Protecting database password in a PHP file?

Question

I have a php file which retrieves some important data from my database, for now if anybody access the php file via URL, it directly displays the data which i don't want to happen. Is it possible create a password input box which will prompt for the database password and assign its value to $password variable (see the code below) , so that only if the user inputs the correct password, only then the file will interact with the database?

UPDATE TO THE EXAMPLE CODE :

<?php
$con=mysqli_connect("example.com","peter","abc123","my_db");
// Check connection
if (mysqli_connect_errno()) {
echo "Failed to connect to MySQL: " . mysqli_connect_error();
}
$result = mysqli_query($con,"SELECT * FROM Persons");

while($row = mysqli_fetch_array($result)) {
echo $row['FirstName'] . " " . $row['LastName'];
echo "<br>";
}

mysqli_close($con);
?>`

When this php file is accessed via a browser, it displays :

Peter Parker
Glenn Forbes

I don't want people to see the output directly! I want them to first input the password, so that php file interacts with the database and displays the output!

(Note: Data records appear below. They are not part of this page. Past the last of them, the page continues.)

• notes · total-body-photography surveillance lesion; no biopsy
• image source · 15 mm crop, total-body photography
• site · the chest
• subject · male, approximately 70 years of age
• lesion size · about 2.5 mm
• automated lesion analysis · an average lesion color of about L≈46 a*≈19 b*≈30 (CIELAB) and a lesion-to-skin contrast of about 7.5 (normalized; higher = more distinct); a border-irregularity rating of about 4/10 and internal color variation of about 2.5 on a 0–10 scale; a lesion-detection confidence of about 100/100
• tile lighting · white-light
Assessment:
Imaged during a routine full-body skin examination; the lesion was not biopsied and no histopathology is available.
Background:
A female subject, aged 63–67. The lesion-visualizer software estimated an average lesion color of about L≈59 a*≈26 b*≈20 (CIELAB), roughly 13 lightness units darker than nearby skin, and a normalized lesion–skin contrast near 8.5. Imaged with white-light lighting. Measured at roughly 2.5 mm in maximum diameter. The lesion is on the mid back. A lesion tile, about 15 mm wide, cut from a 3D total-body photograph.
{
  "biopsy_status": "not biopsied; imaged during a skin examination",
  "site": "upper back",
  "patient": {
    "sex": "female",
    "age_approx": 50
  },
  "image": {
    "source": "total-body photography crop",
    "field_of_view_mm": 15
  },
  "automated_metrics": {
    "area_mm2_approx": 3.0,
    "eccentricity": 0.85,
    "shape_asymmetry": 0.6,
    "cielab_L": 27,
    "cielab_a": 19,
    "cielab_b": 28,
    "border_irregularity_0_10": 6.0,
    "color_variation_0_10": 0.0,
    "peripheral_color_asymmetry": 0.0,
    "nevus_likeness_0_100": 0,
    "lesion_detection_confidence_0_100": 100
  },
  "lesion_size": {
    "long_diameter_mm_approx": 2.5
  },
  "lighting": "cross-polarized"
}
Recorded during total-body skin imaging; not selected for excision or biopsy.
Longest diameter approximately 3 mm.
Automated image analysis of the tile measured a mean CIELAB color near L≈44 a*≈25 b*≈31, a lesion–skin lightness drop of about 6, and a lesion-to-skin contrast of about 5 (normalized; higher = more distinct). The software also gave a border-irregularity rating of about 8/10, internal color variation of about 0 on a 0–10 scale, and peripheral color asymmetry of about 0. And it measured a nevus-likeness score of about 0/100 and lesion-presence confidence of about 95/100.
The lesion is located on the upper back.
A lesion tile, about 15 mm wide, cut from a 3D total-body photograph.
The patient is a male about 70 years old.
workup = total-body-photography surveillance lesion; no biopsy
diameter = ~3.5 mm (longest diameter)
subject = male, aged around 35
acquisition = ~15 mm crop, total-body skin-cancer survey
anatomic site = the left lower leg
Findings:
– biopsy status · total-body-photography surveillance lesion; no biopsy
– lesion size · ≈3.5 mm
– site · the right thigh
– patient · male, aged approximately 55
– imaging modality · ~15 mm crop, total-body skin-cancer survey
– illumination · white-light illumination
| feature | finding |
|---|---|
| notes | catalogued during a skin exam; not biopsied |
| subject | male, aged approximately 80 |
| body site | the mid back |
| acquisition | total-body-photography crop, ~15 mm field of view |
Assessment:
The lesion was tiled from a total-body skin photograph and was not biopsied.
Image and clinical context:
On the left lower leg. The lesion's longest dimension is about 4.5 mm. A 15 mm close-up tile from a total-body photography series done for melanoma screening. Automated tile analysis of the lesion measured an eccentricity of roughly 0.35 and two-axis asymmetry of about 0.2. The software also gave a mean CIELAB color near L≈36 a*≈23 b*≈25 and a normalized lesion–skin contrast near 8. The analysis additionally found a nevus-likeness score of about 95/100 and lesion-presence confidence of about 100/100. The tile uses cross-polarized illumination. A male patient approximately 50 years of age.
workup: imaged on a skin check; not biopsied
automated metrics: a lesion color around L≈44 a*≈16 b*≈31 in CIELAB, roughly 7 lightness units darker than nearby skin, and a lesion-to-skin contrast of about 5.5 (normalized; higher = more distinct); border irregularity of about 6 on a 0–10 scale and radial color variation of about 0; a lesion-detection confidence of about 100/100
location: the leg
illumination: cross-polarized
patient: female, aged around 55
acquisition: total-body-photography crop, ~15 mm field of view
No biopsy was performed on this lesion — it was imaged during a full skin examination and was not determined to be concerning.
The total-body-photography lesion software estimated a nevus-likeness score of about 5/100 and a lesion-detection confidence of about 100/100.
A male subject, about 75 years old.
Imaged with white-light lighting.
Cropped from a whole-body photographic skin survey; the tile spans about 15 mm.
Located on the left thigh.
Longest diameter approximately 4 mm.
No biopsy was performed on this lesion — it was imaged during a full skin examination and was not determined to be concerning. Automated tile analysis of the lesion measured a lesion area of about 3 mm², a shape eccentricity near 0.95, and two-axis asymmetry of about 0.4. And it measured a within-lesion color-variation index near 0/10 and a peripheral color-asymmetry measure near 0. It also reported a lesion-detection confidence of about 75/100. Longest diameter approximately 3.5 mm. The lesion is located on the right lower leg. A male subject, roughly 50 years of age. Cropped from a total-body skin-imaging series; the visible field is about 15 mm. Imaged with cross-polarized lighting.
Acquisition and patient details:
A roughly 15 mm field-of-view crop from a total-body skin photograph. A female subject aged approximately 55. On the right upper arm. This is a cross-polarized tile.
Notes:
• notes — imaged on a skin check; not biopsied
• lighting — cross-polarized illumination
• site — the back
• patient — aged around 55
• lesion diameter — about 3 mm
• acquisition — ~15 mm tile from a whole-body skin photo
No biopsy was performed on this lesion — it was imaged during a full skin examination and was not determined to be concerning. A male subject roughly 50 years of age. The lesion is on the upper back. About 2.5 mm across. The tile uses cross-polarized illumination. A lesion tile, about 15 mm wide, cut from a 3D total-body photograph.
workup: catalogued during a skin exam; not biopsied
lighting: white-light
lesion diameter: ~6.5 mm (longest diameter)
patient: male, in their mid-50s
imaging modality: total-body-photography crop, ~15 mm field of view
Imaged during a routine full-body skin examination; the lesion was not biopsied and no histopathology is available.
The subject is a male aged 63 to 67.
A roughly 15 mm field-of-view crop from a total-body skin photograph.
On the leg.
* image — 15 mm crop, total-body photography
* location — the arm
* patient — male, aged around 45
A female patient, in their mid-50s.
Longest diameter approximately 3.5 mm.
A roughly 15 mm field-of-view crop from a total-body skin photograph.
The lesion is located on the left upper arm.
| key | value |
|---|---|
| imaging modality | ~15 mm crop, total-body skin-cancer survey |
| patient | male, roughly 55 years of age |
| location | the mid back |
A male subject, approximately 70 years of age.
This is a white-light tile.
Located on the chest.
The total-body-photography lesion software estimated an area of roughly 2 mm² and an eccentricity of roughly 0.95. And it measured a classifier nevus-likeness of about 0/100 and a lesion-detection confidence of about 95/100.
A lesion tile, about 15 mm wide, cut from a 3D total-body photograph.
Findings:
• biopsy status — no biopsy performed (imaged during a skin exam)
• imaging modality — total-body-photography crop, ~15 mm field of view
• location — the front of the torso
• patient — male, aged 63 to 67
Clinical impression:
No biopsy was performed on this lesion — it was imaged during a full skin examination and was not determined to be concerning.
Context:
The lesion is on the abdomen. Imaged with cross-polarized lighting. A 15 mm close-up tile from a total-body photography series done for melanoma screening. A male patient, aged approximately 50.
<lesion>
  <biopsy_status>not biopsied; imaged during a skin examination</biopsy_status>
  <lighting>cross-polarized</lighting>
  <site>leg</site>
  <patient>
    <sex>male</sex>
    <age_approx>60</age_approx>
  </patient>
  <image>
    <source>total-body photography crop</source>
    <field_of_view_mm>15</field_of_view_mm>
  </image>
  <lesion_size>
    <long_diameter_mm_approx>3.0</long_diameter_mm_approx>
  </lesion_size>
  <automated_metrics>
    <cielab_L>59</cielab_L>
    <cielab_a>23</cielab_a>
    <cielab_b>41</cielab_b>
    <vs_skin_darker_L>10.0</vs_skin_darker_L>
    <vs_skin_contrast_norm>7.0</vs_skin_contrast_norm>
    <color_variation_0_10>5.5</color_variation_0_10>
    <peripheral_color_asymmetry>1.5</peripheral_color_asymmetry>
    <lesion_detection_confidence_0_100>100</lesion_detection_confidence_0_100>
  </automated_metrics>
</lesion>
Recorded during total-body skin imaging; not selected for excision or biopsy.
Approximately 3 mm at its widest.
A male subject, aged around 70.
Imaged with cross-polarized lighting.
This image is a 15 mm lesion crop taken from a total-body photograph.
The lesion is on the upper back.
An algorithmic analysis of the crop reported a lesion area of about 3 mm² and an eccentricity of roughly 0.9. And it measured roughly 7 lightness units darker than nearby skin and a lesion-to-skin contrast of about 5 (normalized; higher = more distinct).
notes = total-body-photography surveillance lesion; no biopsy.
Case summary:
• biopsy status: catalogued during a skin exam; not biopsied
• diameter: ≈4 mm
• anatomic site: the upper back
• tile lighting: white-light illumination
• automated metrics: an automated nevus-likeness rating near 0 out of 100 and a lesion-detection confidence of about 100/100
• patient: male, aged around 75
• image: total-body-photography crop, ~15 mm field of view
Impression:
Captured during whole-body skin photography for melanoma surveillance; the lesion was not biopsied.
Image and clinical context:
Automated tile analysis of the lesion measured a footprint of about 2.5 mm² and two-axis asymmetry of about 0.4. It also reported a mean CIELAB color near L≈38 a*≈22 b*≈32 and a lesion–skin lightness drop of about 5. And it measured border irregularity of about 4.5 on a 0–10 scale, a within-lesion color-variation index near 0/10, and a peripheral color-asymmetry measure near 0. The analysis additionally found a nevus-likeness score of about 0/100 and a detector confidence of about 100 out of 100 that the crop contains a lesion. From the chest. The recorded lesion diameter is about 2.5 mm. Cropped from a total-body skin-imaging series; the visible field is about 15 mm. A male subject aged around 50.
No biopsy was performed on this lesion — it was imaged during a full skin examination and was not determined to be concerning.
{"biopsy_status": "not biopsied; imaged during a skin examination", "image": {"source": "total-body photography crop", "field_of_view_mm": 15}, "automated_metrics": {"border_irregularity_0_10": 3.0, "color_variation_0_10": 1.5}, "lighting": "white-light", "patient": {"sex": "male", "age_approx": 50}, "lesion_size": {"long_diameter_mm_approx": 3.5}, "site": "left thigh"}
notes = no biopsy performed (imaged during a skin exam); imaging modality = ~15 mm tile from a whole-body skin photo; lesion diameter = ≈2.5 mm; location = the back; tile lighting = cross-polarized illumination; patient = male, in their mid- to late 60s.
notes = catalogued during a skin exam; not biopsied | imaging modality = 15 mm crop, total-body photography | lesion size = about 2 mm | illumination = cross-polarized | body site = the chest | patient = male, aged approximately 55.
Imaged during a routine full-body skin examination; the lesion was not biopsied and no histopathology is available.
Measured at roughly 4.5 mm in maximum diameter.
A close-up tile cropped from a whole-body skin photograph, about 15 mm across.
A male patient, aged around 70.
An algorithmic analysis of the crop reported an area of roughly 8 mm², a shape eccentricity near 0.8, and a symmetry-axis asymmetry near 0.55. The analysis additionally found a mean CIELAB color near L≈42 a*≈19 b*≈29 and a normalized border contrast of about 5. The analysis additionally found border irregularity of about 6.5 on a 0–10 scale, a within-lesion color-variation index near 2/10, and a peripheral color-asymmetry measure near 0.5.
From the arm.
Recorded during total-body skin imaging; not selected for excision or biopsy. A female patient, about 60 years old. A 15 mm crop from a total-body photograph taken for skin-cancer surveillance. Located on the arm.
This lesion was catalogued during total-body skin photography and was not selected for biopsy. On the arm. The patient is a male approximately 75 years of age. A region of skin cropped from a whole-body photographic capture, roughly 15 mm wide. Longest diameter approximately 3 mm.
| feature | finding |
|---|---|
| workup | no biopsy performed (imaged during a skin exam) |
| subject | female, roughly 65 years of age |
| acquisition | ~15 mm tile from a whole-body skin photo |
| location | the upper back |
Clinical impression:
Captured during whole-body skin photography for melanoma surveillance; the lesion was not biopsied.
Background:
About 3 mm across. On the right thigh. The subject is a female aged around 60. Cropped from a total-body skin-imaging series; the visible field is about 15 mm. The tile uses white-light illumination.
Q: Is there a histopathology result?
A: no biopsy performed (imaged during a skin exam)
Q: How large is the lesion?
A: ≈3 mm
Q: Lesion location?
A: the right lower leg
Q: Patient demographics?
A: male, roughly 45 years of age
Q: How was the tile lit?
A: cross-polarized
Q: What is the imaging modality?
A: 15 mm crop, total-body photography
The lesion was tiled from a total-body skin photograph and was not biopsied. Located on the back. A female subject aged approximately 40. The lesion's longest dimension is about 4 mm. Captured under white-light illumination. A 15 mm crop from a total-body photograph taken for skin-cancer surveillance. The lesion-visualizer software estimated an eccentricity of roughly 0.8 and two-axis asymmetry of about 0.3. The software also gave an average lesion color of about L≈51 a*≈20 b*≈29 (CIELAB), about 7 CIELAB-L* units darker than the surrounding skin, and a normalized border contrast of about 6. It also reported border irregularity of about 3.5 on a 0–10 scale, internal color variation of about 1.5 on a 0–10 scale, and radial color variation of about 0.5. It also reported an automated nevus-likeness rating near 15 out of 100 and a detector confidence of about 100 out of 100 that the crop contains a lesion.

Hope you people got me this time!

How will a PHP file with the contents you have actually DISPLAY anything at all? Do you have some funny extension on it? If your server is configured to run all .php files as php, make sure to call this a .php - the user will see NOTHING. If you call it something funny like .inc and include it, the server won't know to run it as PHP and simply display it as text. — Fluffeh, Jun 02 '14 at 12:36
this sounds like your server does not parse PHP files or has PHP disabled... — M.S., Jun 02 '14 at 12:37
after the php is interpreted, no they wont see it in the browser console — user1978142, Jun 02 '14 at 12:37
so, you want to prevent someone with file access (not web access) to the .php file from reading the password in the file? — M.S., Jun 02 '14 at 12:38
I KNOW THEY WONT SEE THE PASSWORD, I JUST DON'T WANT THEM TO SEE THE CONTENTS WHICH THE FILE RETRIEVES FROM THE MySQL database!!! (the above code was just an example) — saibbyweb, Jun 02 '14 at 12:40
It sounds like you don't have PHP set to parse that file? Make a new file `info.php` or some other name if you wish. Inside that write `` and tell us what you see when you access that page..? — l0gic, Jun 02 '14 at 12:41
Alright! people i updated my question..hope you'll understand it now! — saibbyweb, Jun 02 '14 at 12:47
I know exactly what you want to do. Personally, I don't think it's a good idea to give out your database password, because that way they will have access to your entire data. You're best to either create a login system, or use `.htaccess` — Funk Forty Niner, Jun 02 '14 at 12:49
i have to give the database password to other admins of my website.. — saibbyweb, Jun 02 '14 at 12:50
Then you're best creating a login system and use a WHERE clause. Even your best friend will backstab you; believe me. — Funk Forty Niner, Jun 02 '14 at 12:51
You can create users in SQL with a granted access. But that area I'm not well-versed in. — Funk Forty Niner, Jun 02 '14 at 12:53
You could configure individual users within the `mysql.user` table in the database and provide them with that username/password - then use Apache Basic Auth with mod-auth-mysql to manage the log ins - this is, I believe, one way PHPMyAdmin can be configured to work. — CD001, Jun 02 '14 at 12:54
Here is some documentation on it http://dev.mysql.com/doc/refman/5.1/en/create-user.html — Funk Forty Niner, Jun 02 '14 at 12:58
possible duplicate of [How to secure database passwords in PHP?](http://stackoverflow.com/questions/97984/how-to-secure-database-passwords-in-php) — Marcus Adams, Jun 02 '14 at 13:00
I don't know why you chose the [answer below](http://stackoverflow.com/a/23995150/), that is so insecure and in so many ways. I hope you know what you're doing and how to make it work so you won't get hacked. Good luck with that. — Funk Forty Niner, Jun 02 '14 at 13:05

score 2 · Accepted Answer · answered Jun 02 '14 at 13:09

If I were you (and if I'm understanding your problem correctly) I would use an htaccess file. Basically, you will create two files in the directory you want to protect. The first, you will name .htaccess. That's all you need in the file name. Open the file in an editing program (e.g: Notepad++) and insert the following code:

    AuthType Basic  
    AuthName "restricted area"  
    AuthUserFile "the/path/to/the/directory/you/are/in/.htpasswd" 
    require valid-user

The .htpasswd you see is the file name of the second file you will create. Create that file (with the name .htpasswd), and open it to edit it. In that file, type in the username of the person who is to enter the directory.

    JohnDoe

Followed by a colon.

    JohnDoe:

Now, go to a website like http://www.htaccesstools.com/htpasswd-generator/ and type in the Username (just put in "test") and password you want in the fields provided. Submit the information.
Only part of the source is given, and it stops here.